BEGIN EXERCISE INPUT
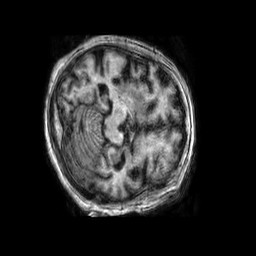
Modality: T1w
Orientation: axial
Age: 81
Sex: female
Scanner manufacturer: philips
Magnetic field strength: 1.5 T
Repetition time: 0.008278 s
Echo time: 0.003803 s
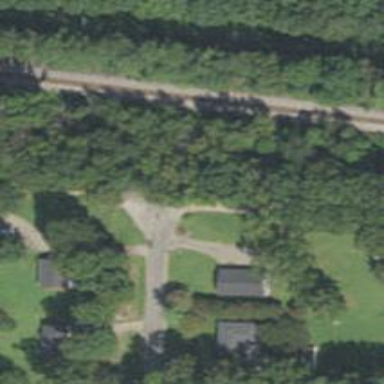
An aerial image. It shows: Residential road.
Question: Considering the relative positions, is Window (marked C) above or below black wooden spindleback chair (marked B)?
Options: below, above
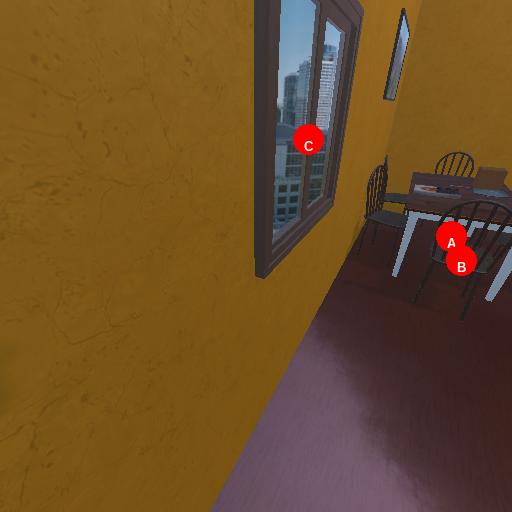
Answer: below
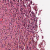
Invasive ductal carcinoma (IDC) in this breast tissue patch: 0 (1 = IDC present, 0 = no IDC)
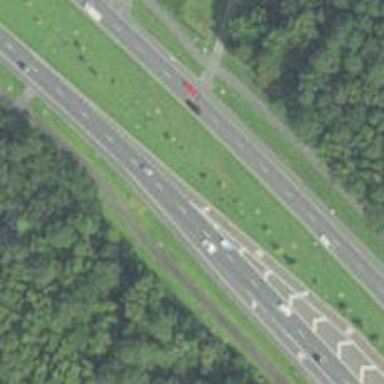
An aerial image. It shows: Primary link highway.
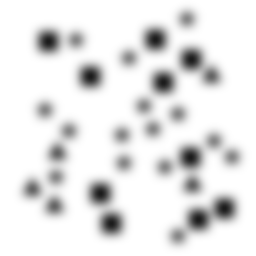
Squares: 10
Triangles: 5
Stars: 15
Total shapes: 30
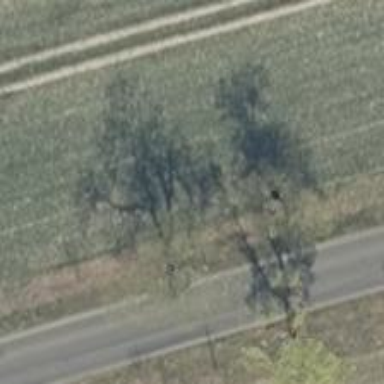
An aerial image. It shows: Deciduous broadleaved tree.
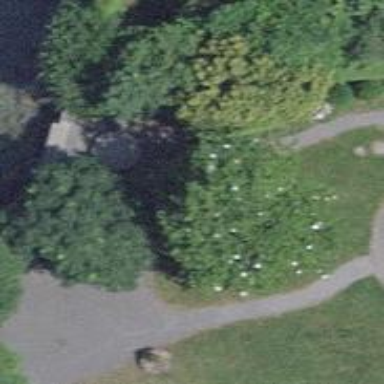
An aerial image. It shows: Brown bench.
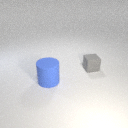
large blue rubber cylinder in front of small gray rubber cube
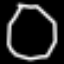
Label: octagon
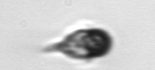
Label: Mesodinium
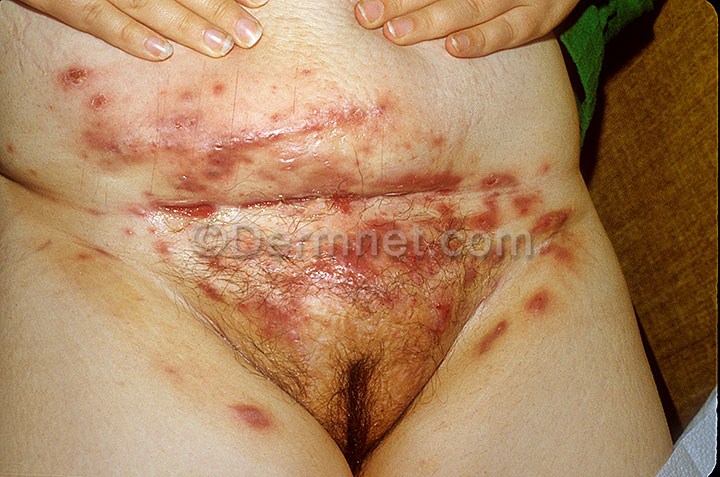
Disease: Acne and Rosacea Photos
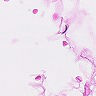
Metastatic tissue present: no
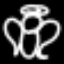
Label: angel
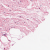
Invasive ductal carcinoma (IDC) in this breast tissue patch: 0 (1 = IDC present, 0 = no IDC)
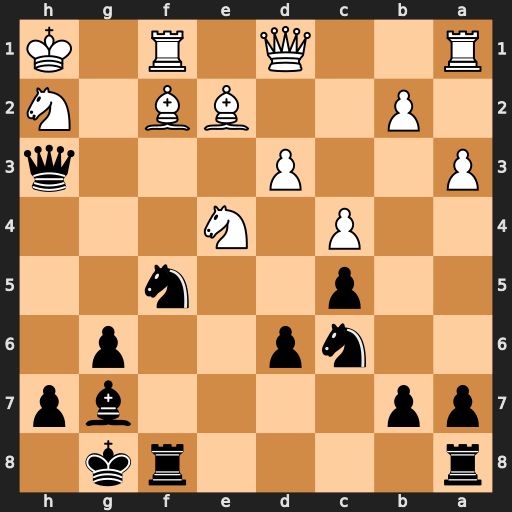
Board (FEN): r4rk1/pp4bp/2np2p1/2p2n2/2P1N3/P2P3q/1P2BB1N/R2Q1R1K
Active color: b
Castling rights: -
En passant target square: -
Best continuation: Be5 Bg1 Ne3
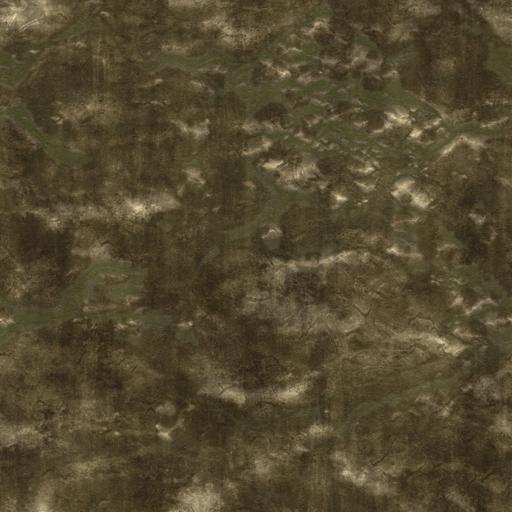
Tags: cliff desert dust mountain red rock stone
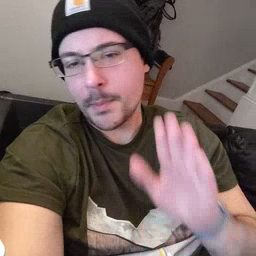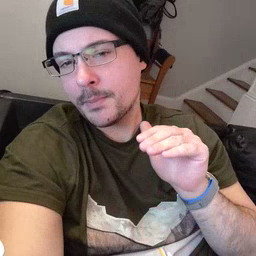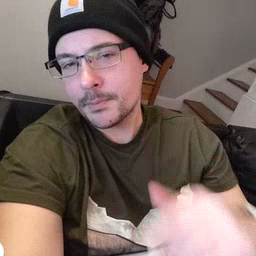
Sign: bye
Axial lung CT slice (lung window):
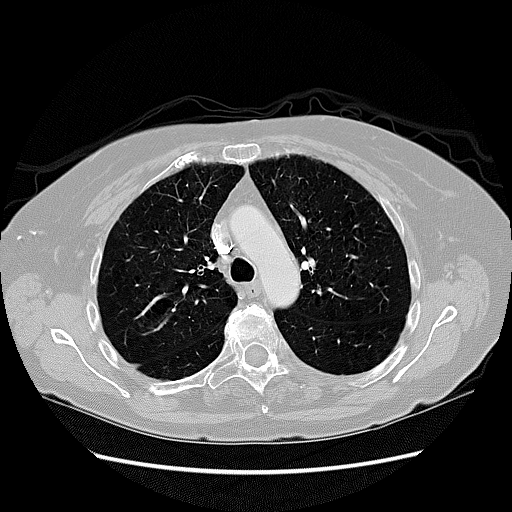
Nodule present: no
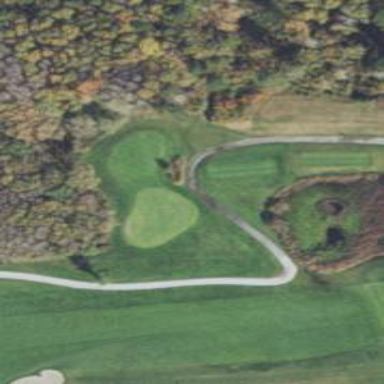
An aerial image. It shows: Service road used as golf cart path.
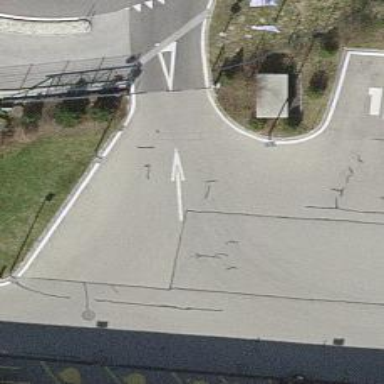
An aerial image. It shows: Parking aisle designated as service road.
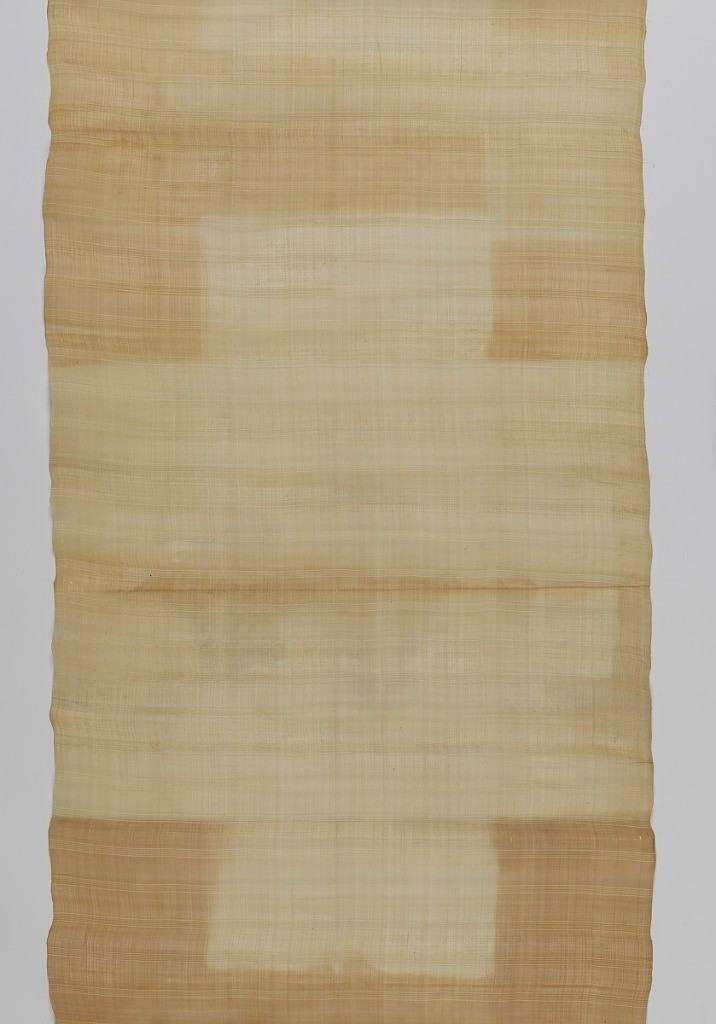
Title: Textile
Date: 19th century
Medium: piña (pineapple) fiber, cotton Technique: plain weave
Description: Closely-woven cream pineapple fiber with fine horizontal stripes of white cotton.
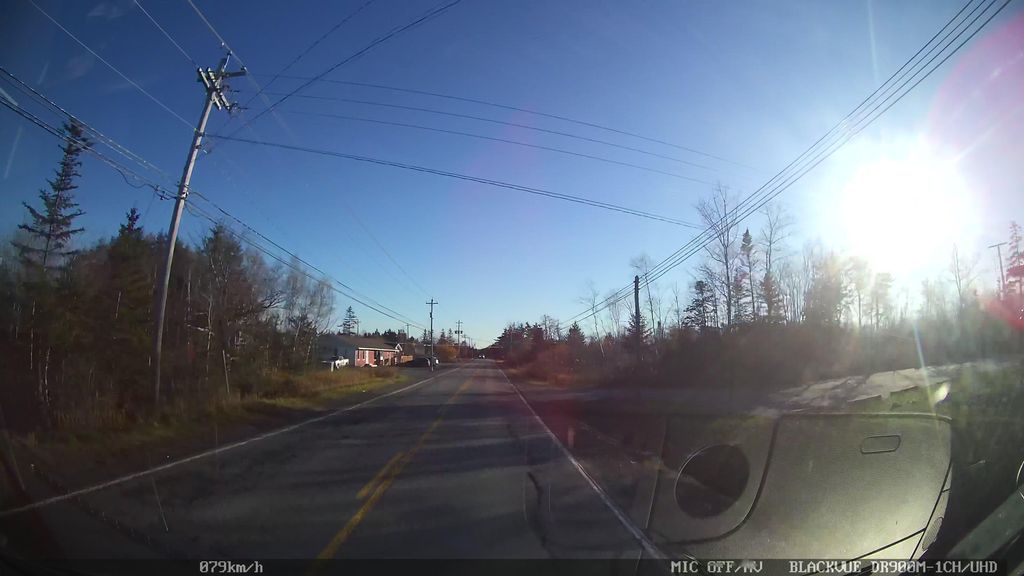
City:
END EXERCISE INPUT
EXERCISE GOAL
Please copy the data above exactly; the pictures do not belong in the copy.

RESULT OF THIS EXERCISE
Modality: T1w
Orientation: axial
Age: 81
Sex: female
Scanner manufacturer: philips
Magnetic field strength: 1.5 T
Repetition time: 0.008278 s
Echo time: 0.003803 s
An aerial image. It shows: Residential road.
Question: Considering the relative positions, is Window (marked C) above or below black wooden spindleback chair (marked B)?
Options: below, above
Answer: below
Invasive ductal carcinoma (IDC) in this breast tissue patch: 0 (1 = IDC present, 0 = no IDC)
An aerial image. It shows: Primary link highway.
Squares: 10
Triangles: 5
Stars: 15
Total shapes: 30
An aerial image. It shows: Deciduous broadleaved tree.
An aerial image. It shows: Brown bench.
large blue rubber cylinder in front of small gray rubber cube
Label: octagon
Label: Mesodinium
Disease: Acne and Rosacea Photos
Metastatic tissue present: no
Label: angel
Invasive ductal carcinoma (IDC) in this breast tissue patch: 0 (1 = IDC present, 0 = no IDC)
Board (FEN): r4rk1/pp4bp/2np2p1/2p2n2/2P1N3/P2P3q/1P2BB1N/R2Q1R1K
Active color: b
Castling rights: -
En passant target square: -
Best continuation: Be5 Bg1 Ne3
Tags: cliff desert dust mountain red rock stone
Sign: bye
Axial lung CT slice (lung window):
Nodule present: no
An aerial image. It shows: Service road used as golf cart path.
An aerial image. It shows: Parking aisle designated as service road.
Title: Textile
Date: 19th century
Medium: piña (pineapple) fiber, cotton Technique: plain weave
Description: Closely-woven cream pineapple fiber with fine horizontal stripes of white cotton.
City:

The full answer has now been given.